On Wed, 2006-05-03 at 17:48, John D. Burger wrote:

Csaba Nagy wrote:

select * from table order by col_1;

Isn't it supposed to choose the index scan at least when
enable_seqscan=off ? Even if it is indeed not faster to do the index
scan than seqscan+sort.

I think because you've asked for every row, it's going to have to scan
the whole table anyway, to determine MVCC "liveness" of the rows
(sorry, dunno what the correct word is).

But I also asked for _ordered_ results, which the seq scan is not
covering, but the index does... and I specifically disabled sequential
scan. That means the planner is not even considering the primary key
index, and I would like to know why...

Actually this is a problem for me in a more complex query, which also
needs this table ordered by that column, and it results in the same plan
fragment with sequential scan + sort.

Thanks,
Csaba.

#5Csaba Nagy
nagy@ecircle-ag.com
In reply to: Andreas Kretschmer (#3)
Re: The planner chooses seqscan+sort when there is an

Without a WHERE you get the whole table.

A Index-Scan is, in this case, expensive.
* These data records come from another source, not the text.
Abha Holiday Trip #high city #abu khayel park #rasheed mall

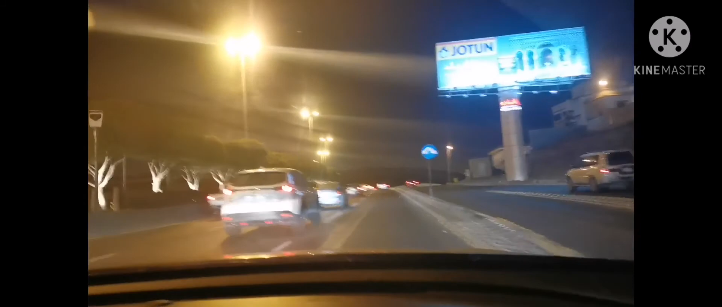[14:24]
Malamig, nasa 17 ang temperature natin ngayon.
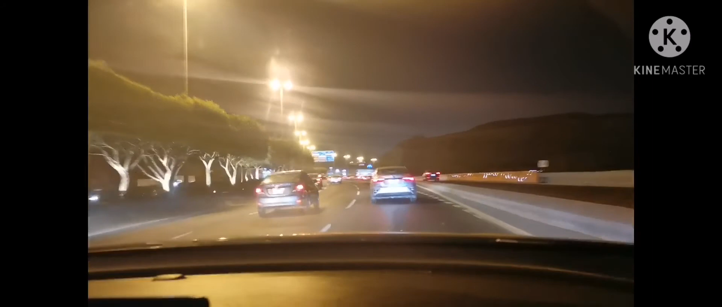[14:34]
Kaya papumunta dito guys, kailangan magdala ng jacket. Mabilis ito magpatakbo yung nasakyan namin, kaya para akong hindi at ease.
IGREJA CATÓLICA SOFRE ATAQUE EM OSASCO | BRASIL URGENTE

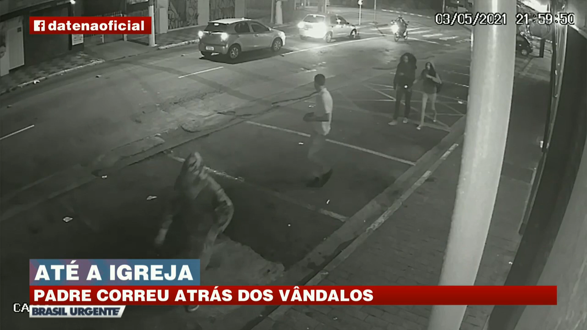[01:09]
Uma das garotas carrega uma mochila. O padre vem logo atrás. Ele ainda conseguiu fazer essa foto do ônibus.
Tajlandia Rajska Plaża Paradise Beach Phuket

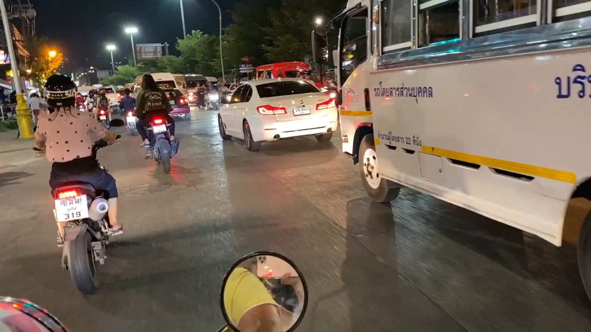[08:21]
To czaderstwo się tu jeździ, czasami wolno, czasami szybko, ale na pewno ciasno
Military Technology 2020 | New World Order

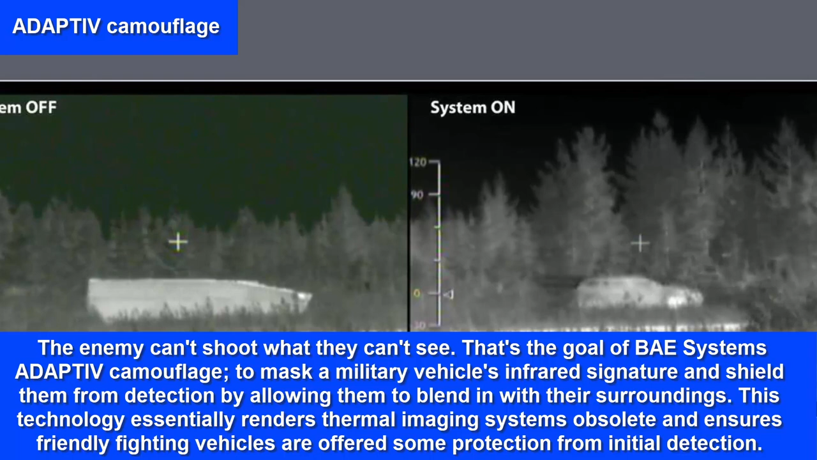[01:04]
This technology essentially renders thermal imaging systems obsolete and ensures friendly fighting vehicles are offered some protection from initial detection. The adaptive camouflage is made up of a honeycomb-like system that can be installed in modules on any vehicle and heated or cooled as necessary to match the surrounding environment.
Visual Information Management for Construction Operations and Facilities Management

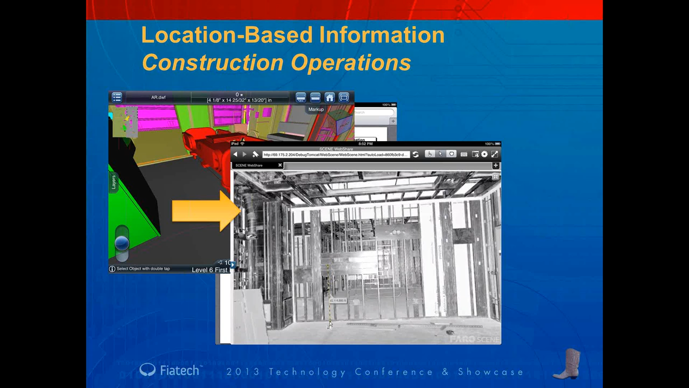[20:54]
So the BIM Anywhere system is really supposed to contain absolutely everything that you need located in 3D space, whether it be as-built conditions, coordinated 3D models, or just project documents. Now you saw everything that applies to construction management.

I know that, and I would agree if I wouldn't have asked for _ordered_
result, and wouldn't have turned enable_seqscan=off.

In these conditions I would have expected an index scan, even if it is
more expensive than the sequential scan + sort. Actually I wanted to see
how expensive it thinks it is, but I can't get to that plan at all.

Thanks,
Csaba.

#6John D. Burger
john@mitre.org
In reply to: Csaba Nagy (#5)
Re: The planner chooses seqscan+sort when there is an

But I also asked for _ordered_ results, which the seq scan is not
covering, but the index does... and I specifically disabled sequential
scan.

Docs say:

Enables or disables the query planner's use of sequential scan plan
types. It's not possible to suppress sequential scans entirely, but
turning this variable off discourages the planner from using one if
there are other methods available.

Note the second sentence. Again, I think it will have to scan the
whole table anyway, because that's what you've asked for, and given
that, enable_seqscan=off doesn't apply.

- John Burger
MITRE

#7Csaba Nagy
nagy@ecircle-ag.com
In reply to: John D. Burger (#6)
Re: The planner chooses seqscan+sort when there is an

Docs say:

Enables or disables the query planner's use of sequential scan plan
types. It's not possible to suppress sequential scans entirely, but
turning this variable off discourages the planner from using one if
there are other methods available.

Note the second sentence. Again, I think it will have to scan the
whole table anyway, because that's what you've asked for, and given
that, enable_seqscan=off doesn't apply.

OK, maybe that's the point... the "cost bust" given to the sequential
scan by enable_seqscan=off is not enough in this case to exceed the cost
of the index scan ? The table is quite big, might be possible. I still
wonder why would be seqscan+sort faster than index scan... the sort will
for sure have to write to disk too given the size of the table...

Cheers,
Csaba.

#8Martijn van Oosterhout
kleptog@svana.org
In reply to: Csaba Nagy (#7)
Re: The planner chooses seqscan+sort when there is an

On Wed, May 03, 2006 at 06:42:00PM +0200, Csaba Nagy wrote:

OK, maybe that's the point... the "cost bust" given to the sequential
scan by enable_seqscan=off is not enough in this case to exceed the cost
of the index scan ? The table is quite big, might be possible. I still
wonder why would be seqscan+sort faster than index scan... the sort will
for sure have to write to disk too given the size of the table...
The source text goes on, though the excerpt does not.